-- Data extracted from a collection --
******

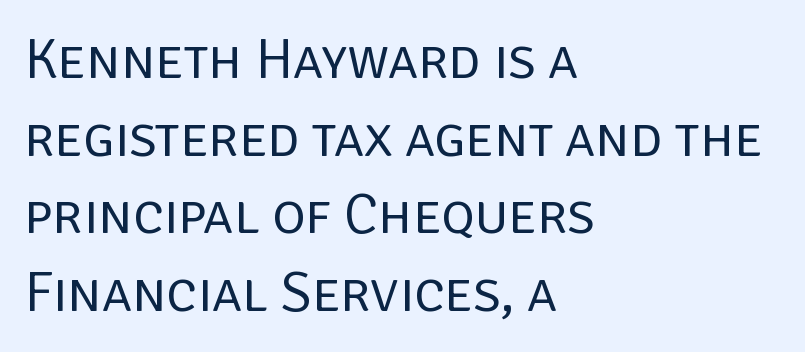
Between one letter and the next there's only the usual sliver of space. Check under the words: just untouched page. Posture: upright roman. One glance says typical: line gaps are just what's usual. The passage shown is typed in a proportional face where columns would drift. Regarding serifs, this sample does without them.
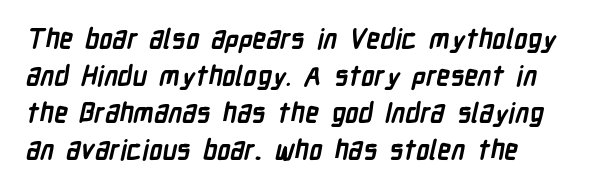
The image shows 27 px bold type; set left-aligned, normal line spacing (1.37x), normal letter spacing, not underlined.
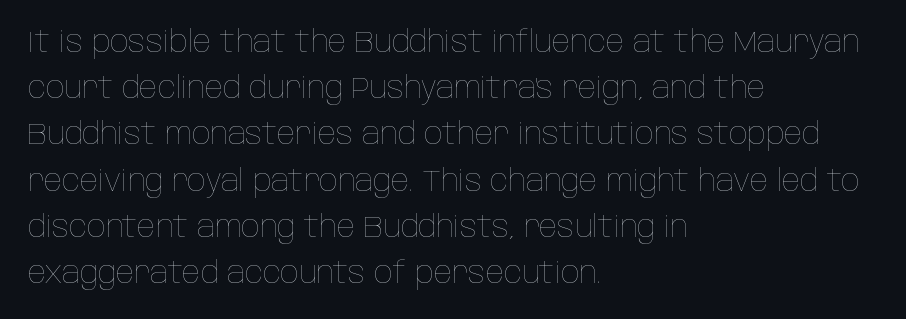
{"italic": "no", "bold": "no", "weight": "thin", "width": "condensed", "stroke_contrast": "low", "x_height": "large", "monospaced": "no", "underline": "no", "align": "left", "line_spacing": "normal", "line_spacing_ratio": 1.54, "letter_spacing": "normal", "letter_spacing_em": 0.0, "glyph_px": 30}
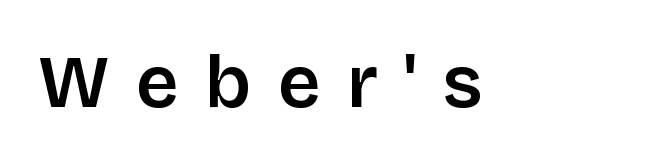
Q: Is the text italic (slanted)? A: No, it is upright.
Q: Is the typeface a serif or a sans-serif typeface? A: Sans-serif.
Q: Is the text underlined? A: No.
Q: Is the spacing between letters normal or unusually wide? A: Unusually wide.
Q: Width (condensed, normal, or wide)? A: Normal.
Q: Stroke contrast? A: Low.
Q: x-height? A: Large.
Q: Monospaced? A: No.
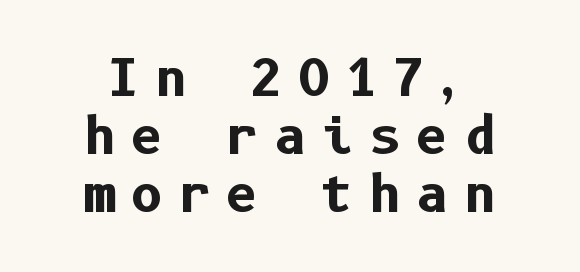
Q: Is the text bold? A: Yes.
Q: Is the text italic (slanted)? A: No, it is upright.
Q: Is the typeface a serif or a sans-serif typeface? A: Sans-serif.
Q: Is the text underlined? A: No.
Q: How is the paragraph aligned? A: Centered.
Q: Is the spacing between letters normal or unusually wide? A: Unusually wide.
Q: Width (condensed, normal, or wide)? A: Normal.
Q: Stroke contrast? A: Low.
Q: x-height? A: Medium.
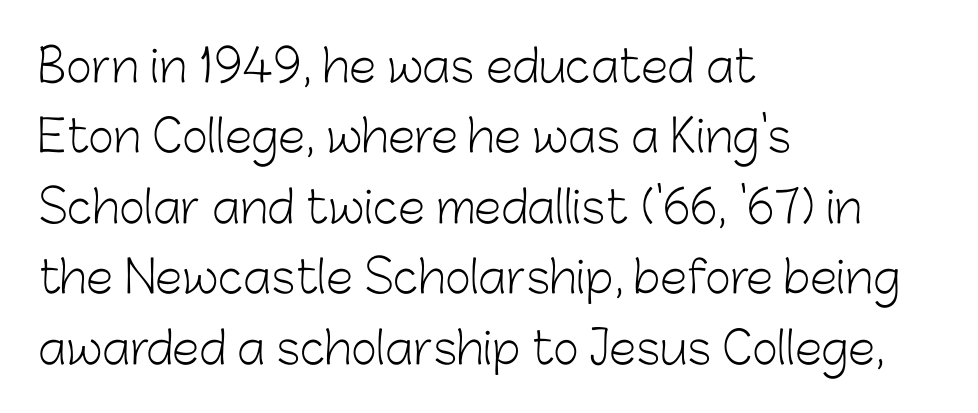
{"serif": "no", "italic": "no", "bold": "no", "weight": "light", "width": "normal", "stroke_contrast": "low", "x_height": "medium", "monospaced": "no", "underline": "no", "align": "left", "line_spacing": "normal", "line_spacing_ratio": 1.6, "letter_spacing": "normal", "letter_spacing_em": 0.0, "glyph_px": 44}
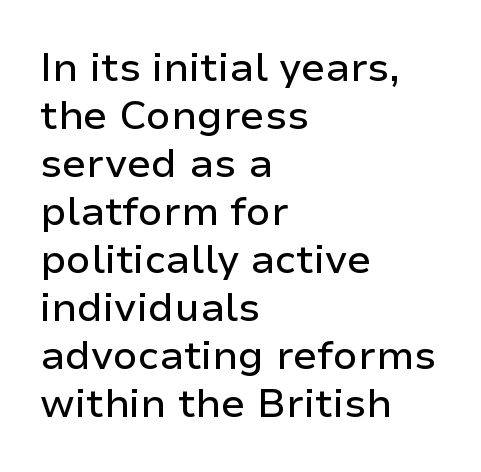
Q: Is the text italic (slanted)? A: No, it is upright.
Q: Is the typeface a serif or a sans-serif typeface? A: Sans-serif.
Q: Is the text underlined? A: No.
Q: How is the paragraph aligned? A: Left-aligned.
Q: Is the spacing between letters normal or unusually wide? A: Normal.
Q: Width (condensed, normal, or wide)? A: Normal.
Q: Stroke contrast? A: Low.
Q: x-height? A: Medium.
Q: Monospaced? A: No.
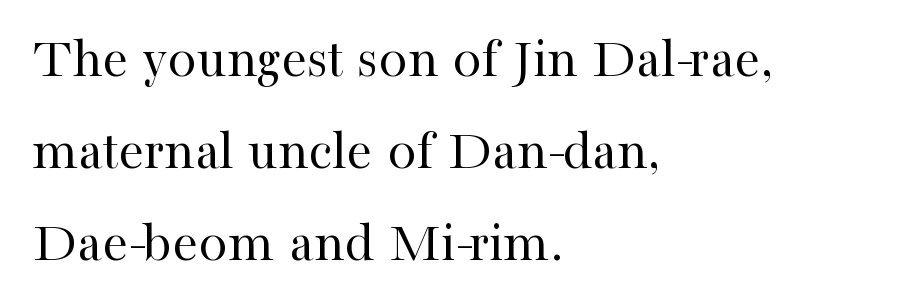
{"serif": "yes", "italic": "no", "bold": "no", "weight": "regular", "width": "normal", "stroke_contrast": "high", "x_height": "medium", "monospaced": "no", "underline": "no", "align": "left", "line_spacing": "normal", "line_spacing_ratio": 1.59, "letter_spacing": "normal", "letter_spacing_em": 0.0, "glyph_px": 58}
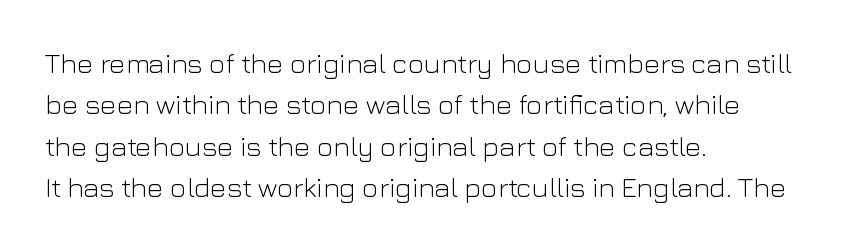
The image shows 28 px light sans-serif type, upright; set left-aligned, normal line spacing (1.48x), normal letter spacing, not underlined; low stroke contrast and a medium x-height.
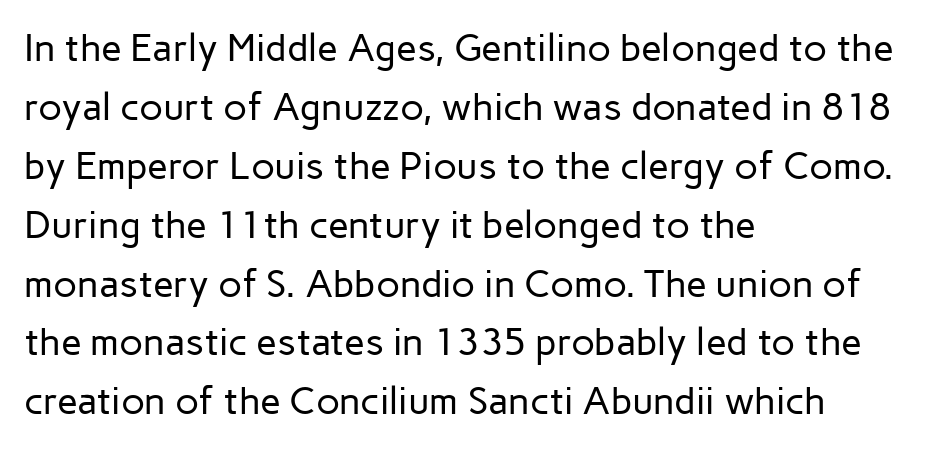
The weight would be labelled regular, book, light, or lighter still. These lines sit exactly where default settings would place them. Characters remain perfectly vertical along every line. The type is set solid horizontally, with unmodified tracking. The typesetter chose a ragged-right arrangement here. Is this a sans? Yes — the strokes have no serifs.

******

-- Description of the task --
Only the number is wanted: how many lines of these entries contain the string "paragraph"?

-- Exercise answer --
2